======== RECORDS

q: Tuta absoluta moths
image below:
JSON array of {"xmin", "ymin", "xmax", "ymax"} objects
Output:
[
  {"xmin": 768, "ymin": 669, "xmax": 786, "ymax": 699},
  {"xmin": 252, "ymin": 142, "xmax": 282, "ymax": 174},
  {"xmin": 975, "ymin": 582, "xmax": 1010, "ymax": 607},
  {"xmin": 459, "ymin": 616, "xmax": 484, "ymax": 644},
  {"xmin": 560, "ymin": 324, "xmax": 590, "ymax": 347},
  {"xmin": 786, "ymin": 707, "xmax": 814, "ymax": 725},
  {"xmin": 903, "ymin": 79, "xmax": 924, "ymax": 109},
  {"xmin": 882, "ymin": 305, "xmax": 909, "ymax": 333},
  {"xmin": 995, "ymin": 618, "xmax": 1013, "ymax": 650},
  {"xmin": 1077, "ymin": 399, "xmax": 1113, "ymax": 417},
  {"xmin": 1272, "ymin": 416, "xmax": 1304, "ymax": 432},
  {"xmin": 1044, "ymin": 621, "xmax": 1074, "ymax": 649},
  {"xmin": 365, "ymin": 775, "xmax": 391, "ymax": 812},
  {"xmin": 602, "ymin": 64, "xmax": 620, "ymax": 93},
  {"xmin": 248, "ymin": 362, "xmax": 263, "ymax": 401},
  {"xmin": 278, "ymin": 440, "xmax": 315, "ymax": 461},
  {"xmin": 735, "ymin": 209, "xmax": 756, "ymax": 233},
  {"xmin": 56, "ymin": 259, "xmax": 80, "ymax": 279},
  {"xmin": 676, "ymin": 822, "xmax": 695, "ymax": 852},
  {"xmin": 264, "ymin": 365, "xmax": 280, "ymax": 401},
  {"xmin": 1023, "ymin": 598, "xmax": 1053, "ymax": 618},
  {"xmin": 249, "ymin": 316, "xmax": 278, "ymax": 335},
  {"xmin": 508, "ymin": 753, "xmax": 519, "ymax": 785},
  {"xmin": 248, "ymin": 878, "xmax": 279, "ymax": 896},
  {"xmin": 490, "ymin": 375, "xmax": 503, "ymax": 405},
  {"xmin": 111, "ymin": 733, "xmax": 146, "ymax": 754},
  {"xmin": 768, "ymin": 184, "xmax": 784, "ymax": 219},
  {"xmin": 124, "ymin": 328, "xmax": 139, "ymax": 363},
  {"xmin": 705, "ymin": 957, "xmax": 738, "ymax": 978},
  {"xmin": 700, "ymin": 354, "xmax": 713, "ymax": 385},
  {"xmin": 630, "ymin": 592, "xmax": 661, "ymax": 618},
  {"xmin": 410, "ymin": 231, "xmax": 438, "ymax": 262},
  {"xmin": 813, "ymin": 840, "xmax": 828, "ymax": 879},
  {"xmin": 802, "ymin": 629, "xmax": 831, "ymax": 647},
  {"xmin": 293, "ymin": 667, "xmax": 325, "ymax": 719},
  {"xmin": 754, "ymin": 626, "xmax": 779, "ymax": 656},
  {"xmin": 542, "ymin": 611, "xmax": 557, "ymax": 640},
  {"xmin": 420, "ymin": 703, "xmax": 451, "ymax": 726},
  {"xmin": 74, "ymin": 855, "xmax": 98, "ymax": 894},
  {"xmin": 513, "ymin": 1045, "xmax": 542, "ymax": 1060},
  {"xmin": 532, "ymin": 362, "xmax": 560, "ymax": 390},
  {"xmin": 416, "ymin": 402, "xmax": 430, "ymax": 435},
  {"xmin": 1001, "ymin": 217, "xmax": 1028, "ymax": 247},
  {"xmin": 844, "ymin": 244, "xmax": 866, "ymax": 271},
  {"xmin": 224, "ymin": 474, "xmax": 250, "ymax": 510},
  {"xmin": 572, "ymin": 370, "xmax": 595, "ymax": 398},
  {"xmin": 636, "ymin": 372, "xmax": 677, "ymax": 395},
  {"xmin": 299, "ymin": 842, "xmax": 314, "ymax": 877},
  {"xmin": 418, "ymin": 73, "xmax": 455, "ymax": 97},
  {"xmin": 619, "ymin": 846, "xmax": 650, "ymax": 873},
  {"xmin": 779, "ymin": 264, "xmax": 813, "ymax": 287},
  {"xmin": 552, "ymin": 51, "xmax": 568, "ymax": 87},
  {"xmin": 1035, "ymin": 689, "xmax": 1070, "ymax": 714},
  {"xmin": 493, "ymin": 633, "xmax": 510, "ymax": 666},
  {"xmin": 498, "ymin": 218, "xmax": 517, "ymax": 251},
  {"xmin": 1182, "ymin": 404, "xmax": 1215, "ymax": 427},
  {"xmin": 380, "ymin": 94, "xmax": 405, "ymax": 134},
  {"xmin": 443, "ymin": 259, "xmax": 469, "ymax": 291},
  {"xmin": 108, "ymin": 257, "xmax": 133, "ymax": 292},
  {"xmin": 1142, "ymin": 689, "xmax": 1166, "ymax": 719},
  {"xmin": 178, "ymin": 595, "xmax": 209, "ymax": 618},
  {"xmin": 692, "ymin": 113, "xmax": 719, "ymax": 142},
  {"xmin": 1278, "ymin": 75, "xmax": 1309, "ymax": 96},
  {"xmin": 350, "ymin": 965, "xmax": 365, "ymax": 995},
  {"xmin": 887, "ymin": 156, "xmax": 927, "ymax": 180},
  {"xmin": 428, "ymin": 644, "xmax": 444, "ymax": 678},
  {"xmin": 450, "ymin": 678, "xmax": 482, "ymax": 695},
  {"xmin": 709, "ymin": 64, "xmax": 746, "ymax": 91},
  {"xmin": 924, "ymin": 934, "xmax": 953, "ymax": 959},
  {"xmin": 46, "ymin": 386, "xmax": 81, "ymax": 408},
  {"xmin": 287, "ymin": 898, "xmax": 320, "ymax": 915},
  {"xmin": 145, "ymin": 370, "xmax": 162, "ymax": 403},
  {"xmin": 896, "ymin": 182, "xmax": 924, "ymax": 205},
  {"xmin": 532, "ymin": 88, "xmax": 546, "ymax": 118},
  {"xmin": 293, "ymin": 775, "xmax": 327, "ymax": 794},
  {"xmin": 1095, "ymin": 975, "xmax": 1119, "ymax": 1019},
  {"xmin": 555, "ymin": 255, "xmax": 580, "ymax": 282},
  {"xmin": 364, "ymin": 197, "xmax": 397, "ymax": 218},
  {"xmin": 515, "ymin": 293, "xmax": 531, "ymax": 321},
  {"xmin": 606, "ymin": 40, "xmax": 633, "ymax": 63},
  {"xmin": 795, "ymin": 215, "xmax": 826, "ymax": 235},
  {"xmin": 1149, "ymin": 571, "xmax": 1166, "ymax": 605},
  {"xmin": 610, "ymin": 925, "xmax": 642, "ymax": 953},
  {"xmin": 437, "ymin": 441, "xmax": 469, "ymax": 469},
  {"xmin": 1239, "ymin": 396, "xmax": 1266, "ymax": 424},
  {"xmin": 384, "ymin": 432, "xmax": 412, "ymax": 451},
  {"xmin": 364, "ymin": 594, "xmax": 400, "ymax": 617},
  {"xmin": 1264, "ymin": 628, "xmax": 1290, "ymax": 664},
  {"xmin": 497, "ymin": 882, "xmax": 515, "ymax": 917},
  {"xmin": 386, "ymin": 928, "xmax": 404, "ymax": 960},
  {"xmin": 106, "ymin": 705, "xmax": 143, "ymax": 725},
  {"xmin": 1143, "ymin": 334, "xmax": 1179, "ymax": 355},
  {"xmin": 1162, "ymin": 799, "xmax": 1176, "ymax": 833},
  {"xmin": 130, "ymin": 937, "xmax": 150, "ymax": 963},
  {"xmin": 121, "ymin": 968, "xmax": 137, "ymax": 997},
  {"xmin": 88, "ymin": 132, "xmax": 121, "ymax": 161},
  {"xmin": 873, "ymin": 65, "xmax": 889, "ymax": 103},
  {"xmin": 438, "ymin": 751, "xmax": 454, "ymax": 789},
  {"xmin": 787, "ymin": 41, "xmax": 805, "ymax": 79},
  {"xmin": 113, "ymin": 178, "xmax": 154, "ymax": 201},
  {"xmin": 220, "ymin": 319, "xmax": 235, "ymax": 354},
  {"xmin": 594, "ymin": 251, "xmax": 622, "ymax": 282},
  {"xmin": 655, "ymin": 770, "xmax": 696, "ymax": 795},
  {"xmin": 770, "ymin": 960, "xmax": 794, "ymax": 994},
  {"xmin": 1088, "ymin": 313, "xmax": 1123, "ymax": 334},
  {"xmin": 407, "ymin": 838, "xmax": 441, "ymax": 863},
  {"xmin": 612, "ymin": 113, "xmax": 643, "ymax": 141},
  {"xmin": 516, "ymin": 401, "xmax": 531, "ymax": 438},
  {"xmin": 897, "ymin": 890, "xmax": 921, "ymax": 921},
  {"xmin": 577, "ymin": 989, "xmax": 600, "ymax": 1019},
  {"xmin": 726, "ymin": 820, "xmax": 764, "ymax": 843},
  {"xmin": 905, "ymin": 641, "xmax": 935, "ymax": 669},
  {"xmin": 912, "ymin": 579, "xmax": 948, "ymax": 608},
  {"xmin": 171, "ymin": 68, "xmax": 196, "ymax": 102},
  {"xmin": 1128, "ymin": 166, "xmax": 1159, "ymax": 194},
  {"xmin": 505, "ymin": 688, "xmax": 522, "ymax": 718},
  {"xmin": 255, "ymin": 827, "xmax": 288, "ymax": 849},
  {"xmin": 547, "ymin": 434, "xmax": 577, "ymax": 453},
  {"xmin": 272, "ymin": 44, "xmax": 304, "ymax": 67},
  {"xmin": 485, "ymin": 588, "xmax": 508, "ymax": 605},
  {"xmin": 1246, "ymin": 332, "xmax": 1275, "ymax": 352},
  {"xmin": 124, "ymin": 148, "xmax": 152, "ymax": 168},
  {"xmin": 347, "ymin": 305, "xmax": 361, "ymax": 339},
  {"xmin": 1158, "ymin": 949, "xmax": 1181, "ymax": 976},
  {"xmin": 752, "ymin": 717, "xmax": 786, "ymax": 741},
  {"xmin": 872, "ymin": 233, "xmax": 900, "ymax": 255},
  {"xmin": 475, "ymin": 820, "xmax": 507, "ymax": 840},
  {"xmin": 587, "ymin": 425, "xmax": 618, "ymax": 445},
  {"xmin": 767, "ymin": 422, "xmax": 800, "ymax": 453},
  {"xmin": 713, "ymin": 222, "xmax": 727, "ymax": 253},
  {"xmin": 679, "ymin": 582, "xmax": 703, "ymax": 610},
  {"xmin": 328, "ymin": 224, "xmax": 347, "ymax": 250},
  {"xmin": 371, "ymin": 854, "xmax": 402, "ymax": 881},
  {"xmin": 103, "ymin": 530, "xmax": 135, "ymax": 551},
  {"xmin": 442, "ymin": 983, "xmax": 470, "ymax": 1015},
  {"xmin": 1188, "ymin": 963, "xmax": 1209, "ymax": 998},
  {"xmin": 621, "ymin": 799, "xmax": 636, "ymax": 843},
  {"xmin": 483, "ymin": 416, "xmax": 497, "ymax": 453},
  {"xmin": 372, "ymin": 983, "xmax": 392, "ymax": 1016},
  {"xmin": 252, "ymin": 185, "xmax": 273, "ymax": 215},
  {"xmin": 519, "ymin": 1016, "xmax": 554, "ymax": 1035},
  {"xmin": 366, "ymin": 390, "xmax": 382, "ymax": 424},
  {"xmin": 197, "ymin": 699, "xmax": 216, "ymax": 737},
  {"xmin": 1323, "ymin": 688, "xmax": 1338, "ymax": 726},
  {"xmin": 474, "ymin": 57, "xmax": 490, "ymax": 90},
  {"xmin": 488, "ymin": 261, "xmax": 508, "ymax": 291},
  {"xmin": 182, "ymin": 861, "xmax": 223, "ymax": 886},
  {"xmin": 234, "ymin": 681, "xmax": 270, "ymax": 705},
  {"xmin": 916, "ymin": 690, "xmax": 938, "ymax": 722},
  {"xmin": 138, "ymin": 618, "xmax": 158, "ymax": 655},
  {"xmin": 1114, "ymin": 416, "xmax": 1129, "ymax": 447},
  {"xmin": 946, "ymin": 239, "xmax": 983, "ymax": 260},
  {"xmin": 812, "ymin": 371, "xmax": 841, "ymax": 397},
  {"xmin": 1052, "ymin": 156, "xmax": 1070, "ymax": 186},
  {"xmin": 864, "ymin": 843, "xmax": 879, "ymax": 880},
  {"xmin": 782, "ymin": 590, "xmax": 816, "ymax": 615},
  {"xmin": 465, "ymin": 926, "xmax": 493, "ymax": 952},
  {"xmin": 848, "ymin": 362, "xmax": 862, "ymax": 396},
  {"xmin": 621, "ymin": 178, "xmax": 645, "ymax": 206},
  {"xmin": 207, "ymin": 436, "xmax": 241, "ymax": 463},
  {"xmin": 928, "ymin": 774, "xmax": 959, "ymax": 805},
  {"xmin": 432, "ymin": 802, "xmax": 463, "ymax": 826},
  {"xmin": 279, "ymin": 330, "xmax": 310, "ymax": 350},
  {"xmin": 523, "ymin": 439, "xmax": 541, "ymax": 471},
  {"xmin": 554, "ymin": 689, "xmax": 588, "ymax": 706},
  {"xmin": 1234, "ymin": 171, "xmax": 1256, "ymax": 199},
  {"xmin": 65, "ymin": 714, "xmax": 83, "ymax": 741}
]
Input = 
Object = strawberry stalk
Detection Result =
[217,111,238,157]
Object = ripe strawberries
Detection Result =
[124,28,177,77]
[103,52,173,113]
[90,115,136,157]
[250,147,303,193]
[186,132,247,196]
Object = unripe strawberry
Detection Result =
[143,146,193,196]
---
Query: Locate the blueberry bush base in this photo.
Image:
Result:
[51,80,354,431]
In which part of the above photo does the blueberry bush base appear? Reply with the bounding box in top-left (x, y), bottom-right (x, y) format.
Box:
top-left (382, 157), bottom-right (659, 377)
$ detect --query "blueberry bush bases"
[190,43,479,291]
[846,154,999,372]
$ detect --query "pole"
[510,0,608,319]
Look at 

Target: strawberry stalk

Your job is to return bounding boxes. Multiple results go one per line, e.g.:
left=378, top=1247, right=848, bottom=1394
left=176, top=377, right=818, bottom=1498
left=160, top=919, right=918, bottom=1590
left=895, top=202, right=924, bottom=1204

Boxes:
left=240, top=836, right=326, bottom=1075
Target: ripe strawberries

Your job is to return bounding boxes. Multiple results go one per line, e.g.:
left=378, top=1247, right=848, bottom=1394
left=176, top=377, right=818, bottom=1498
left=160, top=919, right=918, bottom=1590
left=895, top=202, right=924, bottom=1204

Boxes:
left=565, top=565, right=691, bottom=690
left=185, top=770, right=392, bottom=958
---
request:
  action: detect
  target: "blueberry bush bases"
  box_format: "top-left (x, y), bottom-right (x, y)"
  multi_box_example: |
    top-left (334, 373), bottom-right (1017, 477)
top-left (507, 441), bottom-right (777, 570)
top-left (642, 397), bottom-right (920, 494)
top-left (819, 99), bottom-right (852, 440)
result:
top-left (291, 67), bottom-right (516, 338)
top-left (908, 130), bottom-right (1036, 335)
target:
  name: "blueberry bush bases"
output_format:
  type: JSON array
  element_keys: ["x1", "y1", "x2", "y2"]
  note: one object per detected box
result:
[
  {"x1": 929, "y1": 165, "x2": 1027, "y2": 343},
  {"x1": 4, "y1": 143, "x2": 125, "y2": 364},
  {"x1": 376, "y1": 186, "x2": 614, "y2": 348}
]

================

--- TASK INSTRUCTIONS ---
Scan the data above, find each line with "array", and copy it.

--- WRITTEN RESPONSE ---
JSON array of {"xmin", "ymin", "xmax", "ymax"} objects
  type: JSON array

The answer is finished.